From Madame Adolphe de Chodoreille to Madame la Presidente de la Roulandiere, at Viviers.

“PARIS.

“Ah! my poor Claire, could you have known how many wretched little griefs your innocent letter would awaken, you never would have written it. Certainly no friend, and not even an enemy, on seeing a woman with a thousand mosquito-bites and a plaster over them, would amuse herself by tearing it off and counting the stings.

“I will begin by telling you that for a woman of twenty-seven, with a face still passable, but with a form a little too much like that of the Emperor Nicholas for the humble part I play, I am happy! Let me tell you why: Adolphe, rejoicing in the deceptions which have fallen upon me like a hail-storm, smoothes over the wounds in my self-love by so much affection, so many attentions, and such charming things, that, in good truth, women—so far as they are simply women—would be glad to find in the man they marry defects so advantageous. But all men of letters (Adolphe, alas! is barely a man of letters), who are beings not a bit less irritable, nervous, fickle and eccentric than women, are far from possessing such solid qualities as those of Adolphe, and I hope they have not all been as unfortunate as he.

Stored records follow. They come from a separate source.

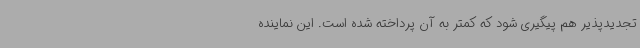
تجدیدپذیر هم پیگیری شود که کمتر به آن پرداخته شده است. این نماینده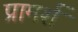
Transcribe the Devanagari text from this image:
प्रामर्श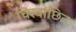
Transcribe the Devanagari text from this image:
चिरवांछित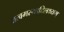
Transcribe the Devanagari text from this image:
तत्वमस्यादिलक्ष्यम्‌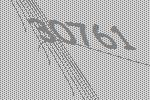
30761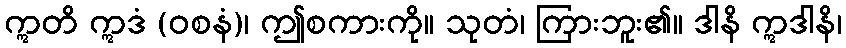
ဣတိ ဣဒံ (ဝစနံ)၊ ဤစကားကို။ သုတံ၊ ကြားဘူး၏။ ဒါနိ ဣဒါနိ၊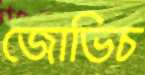
জোভিচ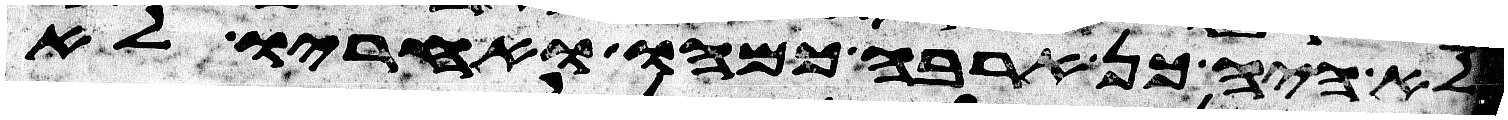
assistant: לא היה כן ארבה כמהו ואחריו לא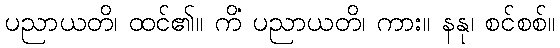
ပညာယတိ၊ ထင်၏။ ကိံ ပညာယတိ၊ ကား။ နနု၊ စင်စစ်။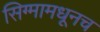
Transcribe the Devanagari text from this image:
सिग्मामधूनच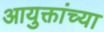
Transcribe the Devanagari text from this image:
आयुक्तांच्या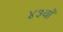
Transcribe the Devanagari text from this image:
४३वॉ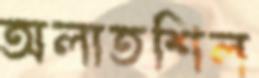
অলাতশিল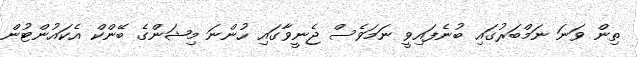
ތިން ވަނަ ނަމްބަރުގައި ބުނެފައިވީ ނަމަވެސް ޖެނީވާގައި ހުންނަ މިޝަންގެ ބޭންކް އެކައުންޓުން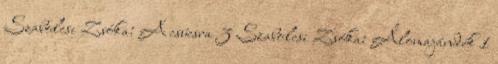
Szabolcsi Zsóka: A csúcsra 3 Szabolcsi Zsóka: Álomajándék 1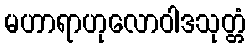
မဟာရာဟုလောဝါဒသုတ္တံ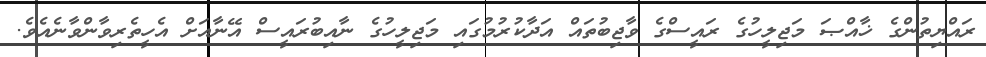
ރައްޔިތުންގެ ޚާއްޞަ މަޖިލީހުގެ ރައީސްގެ ވާޖިބުތައް އަދާކުރުމުގައި މަޖިލީހުގެ ނާއިބުރައީސް އޭނާއަށް އެހީތެރިވާންވާނެއެވެ.
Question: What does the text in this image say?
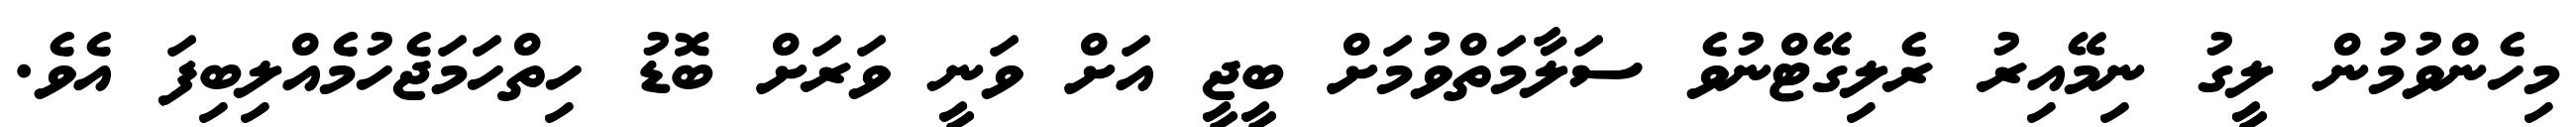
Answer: މިހެންވުމުން ލީގު ނިމޭއިރު ރެލިގޭޓްނުވެ ސަލާމަތްވުމަށް ބީޖީ އަށް ވަނީ ވަރަށް ބޮޑު ހިތްހަމަޖެހުމެއްލިބިފަ އެވެ.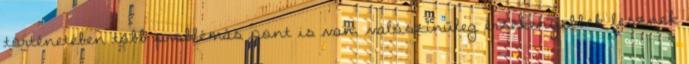
történetében több problémás pont is van, valószínűleg érzékenyebbek lesznek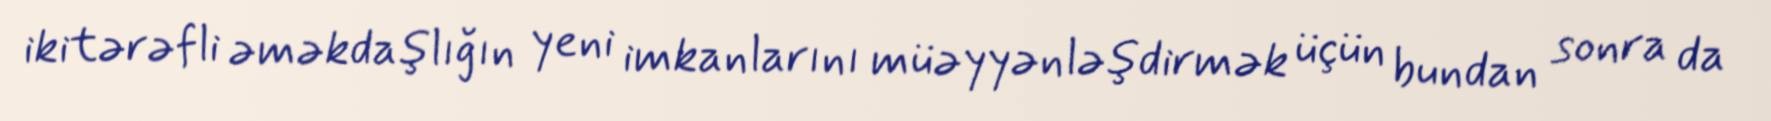
ikitərəfli əməkdaşlığın yeni imkanlarını müəyyənləşdirmək üçün bundan sonra da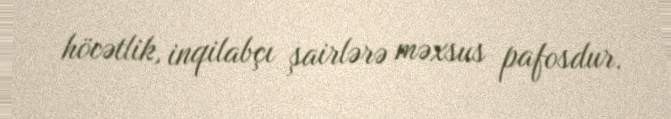
höcətlik, inqilabçı şairlərə məxsus pafosdur.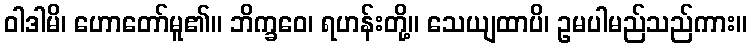
ဝါဒါမိ၊ ဟောတော်မူ၏။ ဘိက္ခဝေ၊ ရဟန်းတို့။ သေယျထာပိ၊ ဥမပါမည်သည်ကား။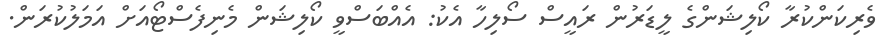
ވެރިކަންކުރާ ކޯލިޝަންގެ ލީޑަރުން ރައީސް ސޯލިހާ އެކު: އެއްބަސްވީ ކޯލިޝަން މެނިފެސްޓޯއަށް އަމަލުކުރަން.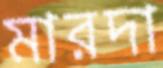
মারদা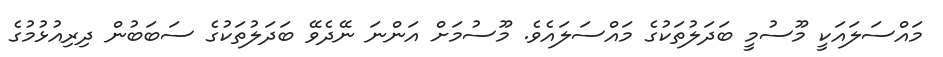
މައްސަލައަކީ މޫސުމީ ބަދަލުތަކުގެ މައްސަލައެވެ. މޫސުމަށް އަންނަ ނޭދެވޭ ބަދަލުތަކުގެ ސަބަބުން ދިރިއުޅުމުގެ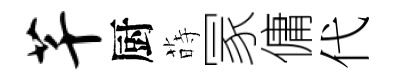
芊厨蒔冡傭代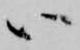
ハ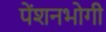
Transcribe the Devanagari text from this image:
पेंशनभोगी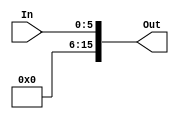
module SixToSixteen(input [5:0] In, output [15:0] Out);
  
  assign Out = { 10'b0, In};
endmodule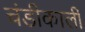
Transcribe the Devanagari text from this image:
चंडीकाली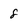
Character: 8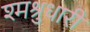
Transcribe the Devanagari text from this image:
श्मश्रुधारी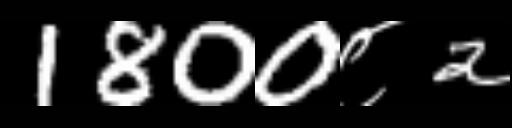
Text: 1800८2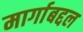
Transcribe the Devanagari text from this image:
मार्गाबद्दल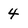
Character: 4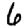
Digit: 6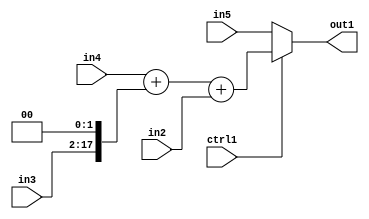
`timescale 1ps / 1ps
/*****************************************************************************
    Verilog RTL Description
    
    
    Created by: Stratus DpOpt 2019.1.01 
*******************************************************************************/

module bn_addr_gen_MuxAdd3u16Cati0u16u32u32u1_1 (
	in5,
	in4,
	in3,
	in2,
	ctrl1,
	out1
	); /* architecture "behavioural" */ 
input [31:0] in5,
	in4;
input [15:0] in3,
	in2;
input  ctrl1;
output [31:0] out1;
wire [31:0] asc001,
	asc002;
wire [17:0] asc003;

assign asc003 = {in3,2'B00};

wire [31:0] asc002_tmp_0;
assign asc002_tmp_0 = 
	+(in4)
	+(asc003);
assign asc002 = asc002_tmp_0
	+(in2);

reg [31:0] asc001_tmp_1;
assign asc001 = asc001_tmp_1;
always @ (ctrl1 or asc002 or in5) begin
	case (ctrl1)
		1'B1 : asc001_tmp_1 = asc002 ;
		default : asc001_tmp_1 = in5 ;
	endcase
end

assign out1 = asc001;
endmodule

/* CADENCE  vrf3QwE= : u9/ySgnWtBlWxVPRXgAZ4Og= ** DO NOT EDIT THIS LINE ******/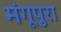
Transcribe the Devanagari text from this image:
मंगूपुरा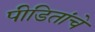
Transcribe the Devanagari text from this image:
पीडितांचे
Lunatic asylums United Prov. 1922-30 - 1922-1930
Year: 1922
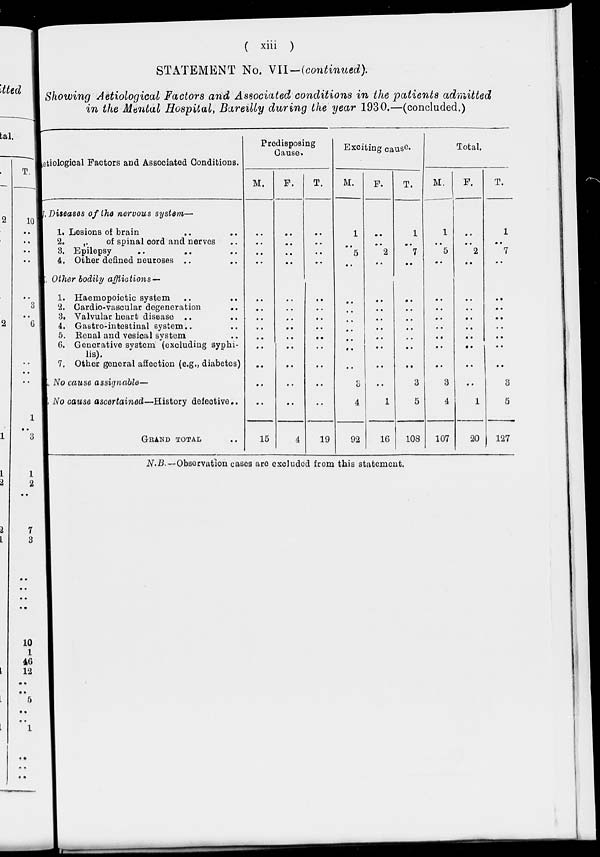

“Ah! Claire, we love each other well enough for me to tell you the simple truth. I have saved my husband, dear, from profound but skillfully concealed poverty. Far from receiving twenty thousand francs a year, he has not earned that sum in the entire fifteen years that he has been at Paris. We occupy a third story in the rue Joubert, and pay twelve hundred francs for it; we have some eighty-five hundred francs left, with which I endeavor to keep house honorably.

“I have brought Adolphe luck; for since our marriage, he has obtained the control of a feuilleton which is worth four hundred francs a month to him, though it takes but a small portion of his time. He owes this situation to an investment. We employed the seventy thousand francs left me by my Aunt Carabas in giving security for a newspaper; on this we get nine per cent, and we have stock besides. Since this transaction, which was concluded some ten months ago, our income has doubled, and we now possess a competence, I can complain of my marriage in a pecuniary point of view no more than as regards my affections. My vanity alone has suffered, and my ambition has been swamped. You will understand the various petty troubles which have assailed me, by a single specimen.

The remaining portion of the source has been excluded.